Political activities investigations
The Public Service Employment Act (PSEA) recognizes the right of employees to engage in political activities while maintaining the principle of political impartiality in the public service. Employees may engage in any political activities so long as it does not impair, or is not perceived as impairing, the employee's ability to perform his or her duties in a politically impartial manner.
For more information on political activities, including the definition of a political activity, please visit the Public Service Commission's (PSC) political activities Web site.
Investigations of improper political activities
If the investigation establishes that there was an improper political activity, the PSC can order any corrective action that it considers appropriate.
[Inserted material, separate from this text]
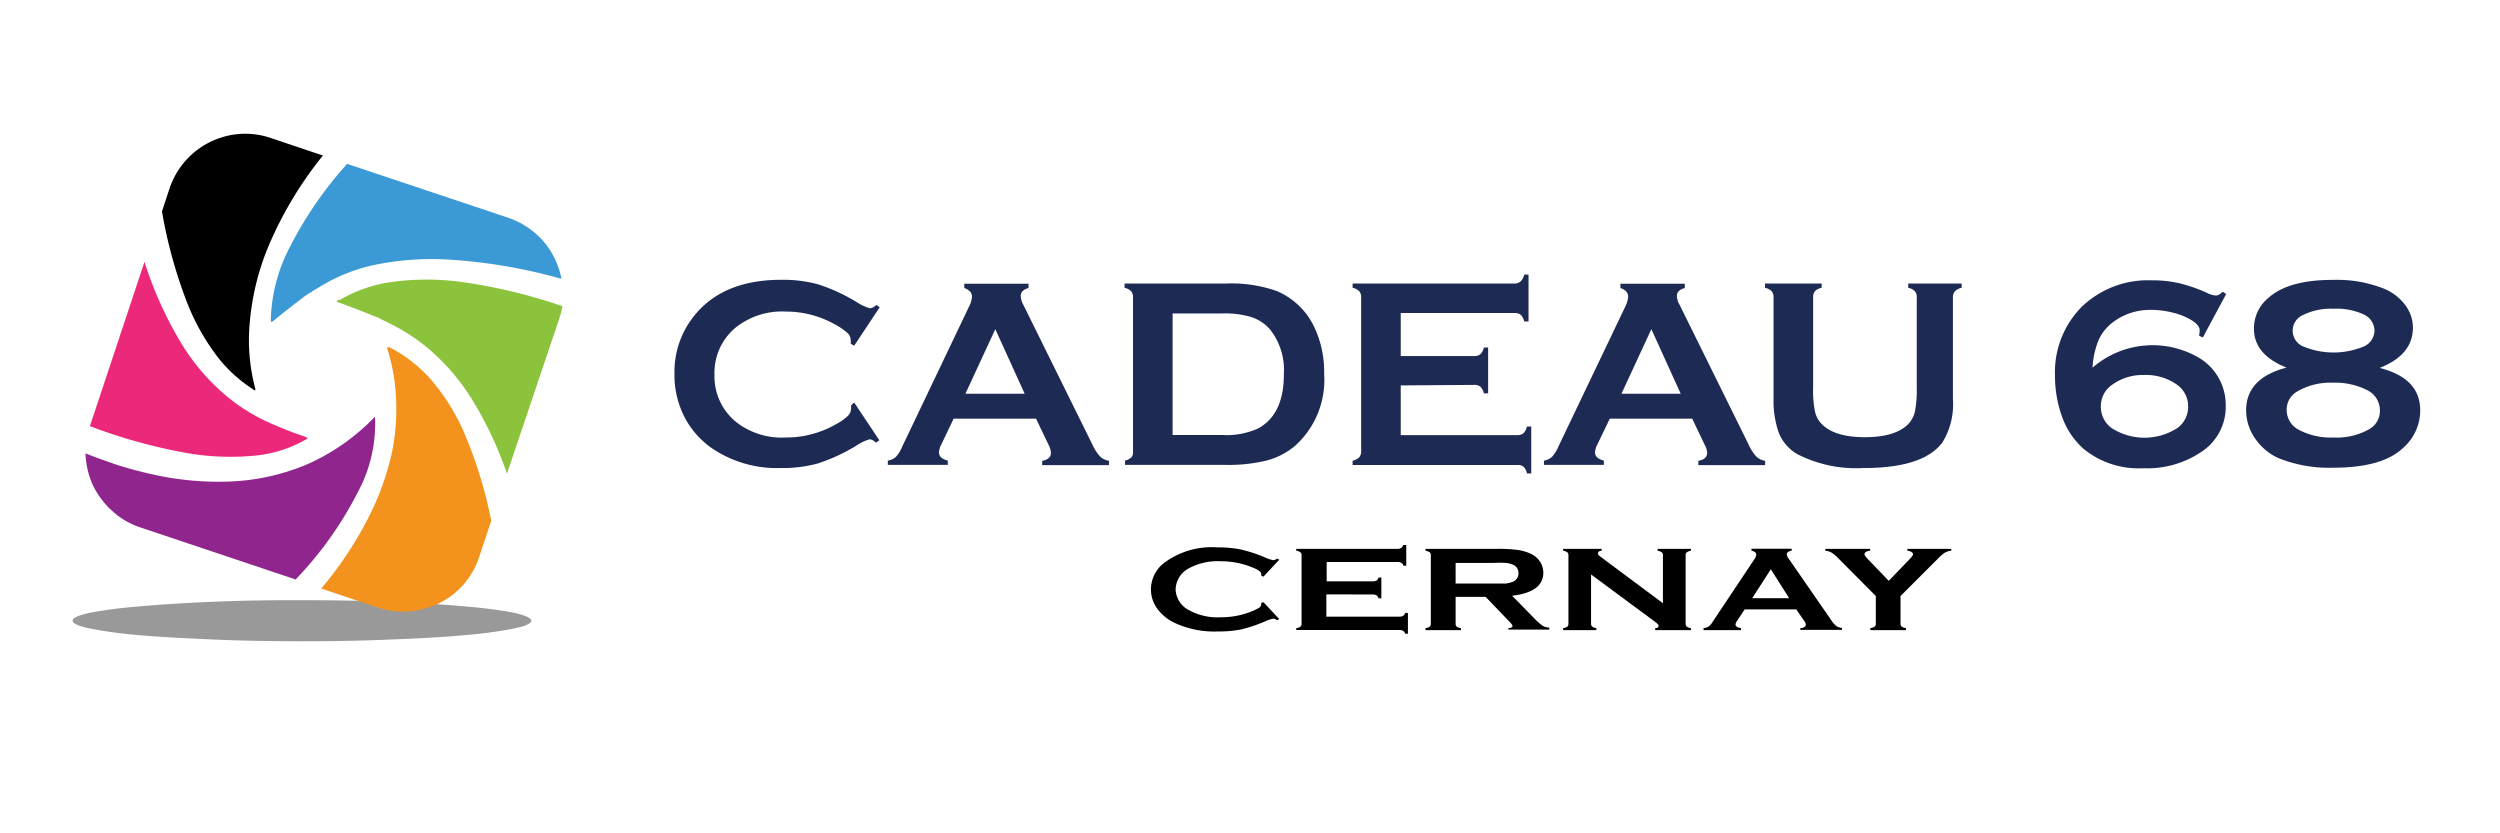 <svg xmlns="http://www.w3.org/2000/svg" viewBox="0 0 240 79.97"><defs><style>.cls-1{fill:#999;}.cls-1,.cls-2,.cls-3,.cls-4,.cls-5,.cls-6,.cls-7{fill-rule:evenodd;}.cls-3{fill:#3b9ad5;}.cls-4{fill:#8bc33d;}.cls-5{fill:#f3921c;}.cls-6{fill:#90258d;}.cls-7{fill:#ec287a;}.cls-8{fill:#1d2a54;}</style></defs><title>logo</title><g id="Calque_3" data-name="Calque 3"><path class="cls-1" d="M51,59.59c0,.28-.59.53-1.73.76a42.21,42.21,0,0,1-4.72.63q-3,.27-7,.41c-2.64.12-5.5.17-8.56.17s-5.91-.05-8.57-.17-5-.23-7-.41a42.55,42.55,0,0,1-4.72-.63c-1.14-.23-1.71-.48-1.73-.76s.59-.53,1.73-.78a46.53,46.53,0,0,1,4.72-.6q3-.27,7-.44T29,57.62c3.06,0,5.92.05,8.56.15s5,.26,7,.44a46.15,46.15,0,0,1,4.72.6c1.14.25,1.71.51,1.73.78"/><path class="cls-2" d="M24.29,37.4a.33.33,0,0,0,.12.05.09.09,0,0,0,.1,0s0-.06,0-.14a17.86,17.86,0,0,1-.56-6,24.5,24.5,0,0,1,1.8-7.62A36.46,36.46,0,0,1,31,14.93l-5-1.68A7.54,7.54,0,0,0,22,13a7.7,7.7,0,0,0-5.72,5.08l-.73,2.22a45.38,45.38,0,0,0,2.32,8.51,21.33,21.33,0,0,0,3,5.43,13.38,13.38,0,0,0,3.43,3.13"/><path class="cls-3" d="M48.81,20.91,33.32,15.73a37.19,37.19,0,0,0-5.5,8A15.84,15.84,0,0,0,26,30.67c0,.11,0,.18,0,.21s.07,0,.15,0c.89-.73,1.89-1.52,3-2.36a5.32,5.32,0,0,1,.76-.49h0a1.54,1.54,0,0,1,.24-.17l.49-.29a16.64,16.64,0,0,1,5.13-2.1,27.08,27.08,0,0,1,7.59-.53A51,51,0,0,1,53.9,26.77a7.79,7.79,0,0,0-1.7-3.57,7.89,7.89,0,0,0-3.39-2.29"/><path class="cls-4" d="M32.49,28.79a.63.63,0,0,0-.15.12s0,.07,0,.1l.1,0c1.09.39,2.25.84,3.48,1.34a5.4,5.4,0,0,1,.8.36v0l.25.12.48.24a18,18,0,0,1,3.92,2.61,20.65,20.65,0,0,1,3.84,4.5,35.42,35.42,0,0,1,3.46,7.3l5-14.84A10.06,10.06,0,0,0,54,29.4a51.42,51.42,0,0,0-9.54-2.31,24.77,24.77,0,0,0-7,0,13.55,13.55,0,0,0-4.87,1.72"/><path class="cls-5" d="M47.16,50,46,53.46a7.53,7.53,0,0,1-5.71,5.08,7.49,7.49,0,0,1-4-.21L30.84,56.5a35.66,35.66,0,0,0,4.59-6.93,25.94,25.94,0,0,0,2.22-6.25A20.7,20.7,0,0,0,38,37.89a17.75,17.75,0,0,0-.82-4.4q0-.12,0-.15s0,0,.09,0a.33.33,0,0,1,.12,0,13.61,13.61,0,0,1,3.75,2.84,19.85,19.85,0,0,1,3.36,5.23A42.34,42.34,0,0,1,47.16,50"/><path class="cls-6" d="M36,40a20.45,20.45,0,0,1-6.57,4.6,21.24,21.24,0,0,1-6.83,1.6,28.84,28.84,0,0,1-6.33-.34,37.89,37.89,0,0,1-5.06-1.24c-1.41-.49-2.41-.85-3-1.1a8,8,0,0,0,.68,3A7.86,7.86,0,0,0,10.72,49a7.34,7.34,0,0,0,2.75,1.63l14.91,5a35,35,0,0,0,6-8.44A13.79,13.79,0,0,0,36,40"/><path class="cls-7" d="M29.35,42.2c.1-.05.15-.08.15-.1s0,0,0-.05-.05,0-.14-.1a36.55,36.55,0,0,1-3.85-1.53,17.8,17.8,0,0,1-4.06-2.65,20.31,20.31,0,0,1-4-4.74,36.27,36.27,0,0,1-3.58-7.89L8.63,40.91a52.32,52.32,0,0,0,9.12,2.55,24.65,24.65,0,0,0,6.83.27,12.13,12.13,0,0,0,4.77-1.53"/><path class="cls-8" d="M82,38.64l2.42,3.63-.33.23a1,1,0,0,0-.59-.33,4.54,4.54,0,0,0-1.29.61,17.33,17.33,0,0,1-3.69,1.71,12.82,12.82,0,0,1-3.56.44,11.08,11.08,0,0,1-6.76-2,8.29,8.29,0,0,1-2.45-2.82,8.81,8.81,0,0,1-1-4.24,8.54,8.54,0,0,1,1.85-5.5q2.77-3.51,8.4-3.51a12.7,12.7,0,0,1,3.55.44,17.38,17.38,0,0,1,3.69,1.7,4.69,4.69,0,0,0,1.29.6,1,1,0,0,0,.59-.33l.33.23L82,33.19,81.67,33a2.47,2.47,0,0,0,0-.35,1,1,0,0,0-.32-.69,5.8,5.8,0,0,0-1.13-.78,9.6,9.6,0,0,0-4.79-1.27,7.15,7.15,0,0,0-4.75,1.49,5.63,5.63,0,0,0-2.09,4.56,5.63,5.63,0,0,0,2.09,4.56A7.1,7.1,0,0,0,75.46,42a9.6,9.6,0,0,0,4.79-1.27,5.35,5.35,0,0,0,1.13-.79,1,1,0,0,0,.32-.69,2,2,0,0,0,0-.33Z"/><path class="cls-8" d="M99.46,40.19H91.55l-1.17,2.45a2,2,0,0,0-.24.8c0,.37.28.63.85.78v.41H85.23v-.41a1.58,1.58,0,0,0,.78-.36,3.49,3.49,0,0,0,.61-1L93,29.49a2.51,2.51,0,0,0,.31-1c0-.39-.25-.67-.74-.84v-.41h6.17v.41q-.75.21-.75.75a1.86,1.86,0,0,0,.24.84l6.63,13.42a4.55,4.55,0,0,0,.74,1.16,1.66,1.66,0,0,0,.86.42v.41h-6.41v-.41c.56-.1.84-.36.84-.79a2,2,0,0,0-.25-.79ZM98.37,37.8l-2.82-6.2-2.87,6.2Z"/><path class="cls-8" d="M108.77,43.29V28.56a.86.86,0,0,0-.18-.6,1.24,1.24,0,0,0-.63-.33v-.41h9.71a13.12,13.12,0,0,1,4.9.72,7,7,0,0,1,3.62,3.5,10.13,10.13,0,0,1,.93,4.48,8.51,8.51,0,0,1-2.77,6.86,7,7,0,0,1-2.71,1.42,15.55,15.55,0,0,1-4,.43H108v-.41a1.41,1.41,0,0,0,.63-.33A.9.9,0,0,0,108.77,43.29Zm3.8-1.53h4.78a7.32,7.32,0,0,0,3.43-.63q2.48-1.34,2.47-5.21a6.27,6.27,0,0,0-1.33-4.3,4.07,4.07,0,0,0-1.79-1.18,8.8,8.8,0,0,0-2.78-.35h-4.78Z"/><path class="cls-8" d="M134.47,37v4.77h11.2a.84.84,0,0,0,.58-.18,1.23,1.23,0,0,0,.33-.64H147v4.5h-.41a1.27,1.27,0,0,0-.33-.64.84.84,0,0,0-.58-.17H129.85v-.41a1.4,1.4,0,0,0,.64-.33.9.9,0,0,0,.18-.6V28.56a.86.86,0,0,0-.18-.6,1.23,1.23,0,0,0-.64-.33v-.41h15.51A.89.89,0,0,0,146,27a1.52,1.52,0,0,0,.33-.64h.41v4.5h-.41a1.41,1.41,0,0,0-.33-.63.89.89,0,0,0-.59-.18H134.47v4.13h7.06a.87.87,0,0,0,.59-.18,1.23,1.23,0,0,0,.33-.64h.41v4.4h-.41a1.24,1.24,0,0,0-.33-.63.87.87,0,0,0-.59-.18Z"/><path class="cls-8" d="M162.45,40.19h-7.91l-1.18,2.45a2,2,0,0,0-.24.8c0,.37.29.63.85.78v.41h-5.75v-.41a1.5,1.5,0,0,0,.77-.36,3.46,3.46,0,0,0,.62-1L156,29.49a2.63,2.63,0,0,0,.3-1c0-.39-.24-.67-.74-.84v-.41h6.18v.41c-.51.14-.76.39-.76.75a1.77,1.77,0,0,0,.25.84l6.63,13.42a4.29,4.29,0,0,0,.74,1.16,1.59,1.59,0,0,0,.85.42v.41h-6.41v-.41c.57-.1.85-.36.85-.79a2,2,0,0,0-.26-.79Zm-1.1-2.39-2.82-6.2-2.87,6.2Z"/><path class="cls-8" d="M187.48,28.56v9.75a7,7,0,0,1-1,4.15q-1.83,2.48-7.59,2.47a12.39,12.39,0,0,1-6.36-1.34,4.13,4.13,0,0,1-1.79-2.11,9.36,9.36,0,0,1-.48-3.17V28.56a.86.86,0,0,0-.18-.6,1.23,1.23,0,0,0-.64-.33v-.41h5.44v.41a1.16,1.16,0,0,0-.64.32.91.91,0,0,0-.18.61v8.68a10.2,10.2,0,0,0,.17,2.23,2.47,2.47,0,0,0,.62,1.2c.82.87,2.21,1.3,4.18,1.3s3.38-.43,4.2-1.3a2.54,2.54,0,0,0,.61-1.2,10.88,10.88,0,0,0,.17-2.23V28.56a.86.86,0,0,0-.18-.6,1.23,1.23,0,0,0-.64-.33v-.41h5.13v.41a1.23,1.23,0,0,0-.64.33A.86.86,0,0,0,187.48,28.56Z"/><path class="cls-8" d="M213.71,28.23l-2.24,4.17-.36-.18a3.09,3.09,0,0,0,.06-.5q0-.51-.81-1a6.08,6.08,0,0,0-1.75-.7,8.25,8.25,0,0,0-2.05-.27,5.92,5.92,0,0,0-3.62,1.11,4.52,4.52,0,0,0-1.46,1.75,8.25,8.25,0,0,0-.6,2.69,8.79,8.79,0,0,1,10.42-.83,5.28,5.28,0,0,1,2.37,4.49,5.15,5.15,0,0,1-2.28,4.38,9.28,9.28,0,0,1-5.64,1.61A8.34,8.34,0,0,1,200,43.07a7.51,7.51,0,0,1-2.07-3.14,11.47,11.47,0,0,1-.65-3.84,8.93,8.93,0,0,1,2.51-6.58,9.17,9.17,0,0,1,6.75-2.6,11.75,11.75,0,0,1,2.63.27,15.2,15.2,0,0,1,2.71.94,2.13,2.13,0,0,0,.85.25.69.69,0,0,0,.42-.17l.24-.19ZM205.84,36a5,5,0,0,0-3.16,1,2.47,2.47,0,0,0-1,2,2.53,2.53,0,0,0,1,2.07,5.83,5.83,0,0,0,6.38,0,2.5,2.5,0,0,0,1-2,2.53,2.53,0,0,0-1-2.09A5.12,5.12,0,0,0,205.84,36Z"/><path class="cls-8" d="M228.45,35.32c2.6.67,3.89,2,3.89,4.09A4.79,4.79,0,0,1,230.7,43q-2,1.9-6.71,1.9a13,13,0,0,1-5.28-.93,5.37,5.37,0,0,1-2.2-1.85,4.69,4.69,0,0,1-.88-2.73q0-3.09,3.88-4.1-3.13-1.24-3.13-3.73a3.79,3.79,0,0,1,1.43-3q1.94-1.7,6.17-1.69a12.21,12.21,0,0,1,5,.89,4.89,4.89,0,0,1,1.91,1.51,3.63,3.63,0,0,1,.75,2.28C231.59,33.25,230.55,34.49,228.45,35.32ZM224,36.74a6.33,6.33,0,0,0-3.48.85,2,2,0,0,0-1,1.77,2.15,2.15,0,0,0,1.2,1.92A6.57,6.57,0,0,0,224,42a6.34,6.34,0,0,0,3.52-.84,2,2,0,0,0,.95-1.74,2.15,2.15,0,0,0-1.17-1.94A6.73,6.73,0,0,0,224,36.74Zm0-7.1a6,6,0,0,0-2.84.57,1.64,1.64,0,0,0,0,3.07,7.58,7.58,0,0,0,5.72,0,1.7,1.7,0,0,0,1.07-1.51,1.74,1.74,0,0,0-1-1.57A6.25,6.25,0,0,0,224,29.64Z"/><path d="M121.29,57.81l1.52,1.62-.21.11a.72.72,0,0,0-.36-.15,3.43,3.43,0,0,0-.81.27,14.07,14.07,0,0,1-2.31.77,11.1,11.1,0,0,1-2.23.19,9,9,0,0,1-4.22-.87,4.39,4.39,0,0,1-1.53-1.26,3.13,3.13,0,0,1-.65-1.91,3.23,3.23,0,0,1,1.16-2.46,7.64,7.64,0,0,1,5.25-1.57,10.93,10.93,0,0,1,2.22.2,13.86,13.86,0,0,1,2.31.76,3.43,3.43,0,0,0,.81.27.72.72,0,0,0,.36-.15l.21.1-1.52,1.63-.21-.1a1,1,0,0,0,0-.15.4.4,0,0,0-.2-.31,3.29,3.29,0,0,0-.71-.35,7.91,7.91,0,0,0-3-.57,5.8,5.8,0,0,0-3,.66,2.35,2.35,0,0,0-1.31,2.05,2.33,2.33,0,0,0,1.31,2,5.7,5.7,0,0,0,3,.67,7.91,7.91,0,0,0,3-.57,4.63,4.63,0,0,0,.71-.35.43.43,0,0,0,.2-.32.78.78,0,0,0,0-.14Z"/><path d="M127.33,57.06V59.2h7a.75.75,0,0,0,.37-.08.64.64,0,0,0,.21-.28h.25v2h-.25a.64.64,0,0,0-.21-.28.66.66,0,0,0-.37-.08h-9.89V60.3a.82.82,0,0,0,.4-.14.33.33,0,0,0,.11-.27v-6.6a.31.31,0,0,0-.11-.27.92.92,0,0,0-.4-.15v-.18h9.7a.75.75,0,0,0,.37-.08.6.6,0,0,0,.2-.29H135v2h-.26a.52.52,0,0,0-.2-.28.65.65,0,0,0-.37-.09h-6.81v1.86h4.42a.75.75,0,0,0,.37-.08.6.6,0,0,0,.2-.29h.26v2h-.26a.56.56,0,0,0-.2-.28.65.65,0,0,0-.37-.09Z"/><path d="M139.74,57.3v2.59a.34.34,0,0,0,.11.27.91.91,0,0,0,.4.14v.19h-3.4V60.3a.87.87,0,0,0,.4-.14.35.35,0,0,0,.11-.27v-6.6a.34.34,0,0,0-.11-.27,1,1,0,0,0-.4-.15v-.18h6.81a14.82,14.82,0,0,1,2,.1,4.52,4.52,0,0,1,1.27.36,2.15,2.15,0,0,1,.94.81,2,2,0,0,1,.29,1c0,1.27-1,2-3,2.23l2.12,2.16a5.4,5.4,0,0,0,.81.72,1.3,1.3,0,0,0,.64.18v.19h-3.93V60.3c.27,0,.4-.1.4-.2s-.12-.24-.37-.5l-2.21-2.3Zm0-1.28h3.67q.81,0,1.14,0a2.81,2.81,0,0,0,.62-.15.84.84,0,0,0,.6-.84.85.85,0,0,0-.6-.85,2.46,2.46,0,0,0-.61-.14,10.17,10.17,0,0,0-1.15,0h-3.67Z"/><path d="M152.74,55.15v4.74a.34.34,0,0,0,.12.27.82.82,0,0,0,.39.14v.19h-3.19V60.3a.91.91,0,0,0,.4-.14.37.37,0,0,0,.11-.27V53.28a.33.33,0,0,0-.11-.26,1,1,0,0,0-.4-.15v-.18h3.7v.18c-.23,0-.35.13-.35.26s.08.2.23.31l6,4.47V53.28a.33.33,0,0,0-.11-.26,1,1,0,0,0-.4-.15v-.18h3.2v.18a1,1,0,0,0-.4.15.33.33,0,0,0-.11.26v6.61a.37.37,0,0,0,.11.27.87.87,0,0,0,.4.14v.19H158.9V60.3q.33,0,.33-.24c0-.08-.13-.21-.39-.4Z"/><path d="M172.44,58.5h-4.95l-.73,1.1a.72.72,0,0,0-.15.36c0,.16.18.28.53.34v.19h-3.6V60.3a1.13,1.13,0,0,0,.49-.16,1.47,1.47,0,0,0,.38-.44l4-6a.91.91,0,0,0,.19-.46c0-.18-.15-.3-.46-.38v-.18H172v.18c-.31.07-.47.18-.47.34a.71.71,0,0,0,.15.38l4.15,6a2.28,2.28,0,0,0,.46.52,1.22,1.22,0,0,0,.54.18v.19h-4V60.3c.35,0,.53-.16.53-.35a.78.78,0,0,0-.16-.35Zm-.68-1.07L170,54.65l-1.79,2.78Z"/><path d="M182.45,57.22v2.67a.34.34,0,0,0,.12.27.87.87,0,0,0,.4.14v.19h-3.42V60.3a1,1,0,0,0,.41-.14.34.34,0,0,0,.12-.27V57.22l-3.52-3.54a4.41,4.41,0,0,0-.71-.62,1.46,1.46,0,0,0-.62-.19v-.18h4.3v.18q-.54.06-.54.36,0,.09.33.45l2,2.08,2-2.08c.22-.23.33-.38.33-.46a.28.28,0,0,0-.15-.23.9.9,0,0,0-.39-.12v-.18h4.21v.18a1.51,1.51,0,0,0-.62.19,4.41,4.41,0,0,0-.71.62Z"/></g></svg>

The PSC can conduct investigations related to:
- Candidacy in a federal, provincial, territorial, or municipal election;
- Political activities in support of, within or in opposition to a political party;
- Political activities in support of or in opposition to a candidate before or during an election period; or
- A deputy head who engaged in any political activity other than voting in an election.
Anyone can make an allegation of improper political activity against an employee; however, only a person who is or has been a candidate in an election can submit an allegation regarding improper political activity of a deputy head.
In order to determine if a political activity impairs or is perceived as impairing an employee's ability to perform their duties in a politically impartial manner, the PSC will look at several factors, namely:
- The nature of the person's duties;
- The level and visibility of their position and duties; and
- The nature of the political activity.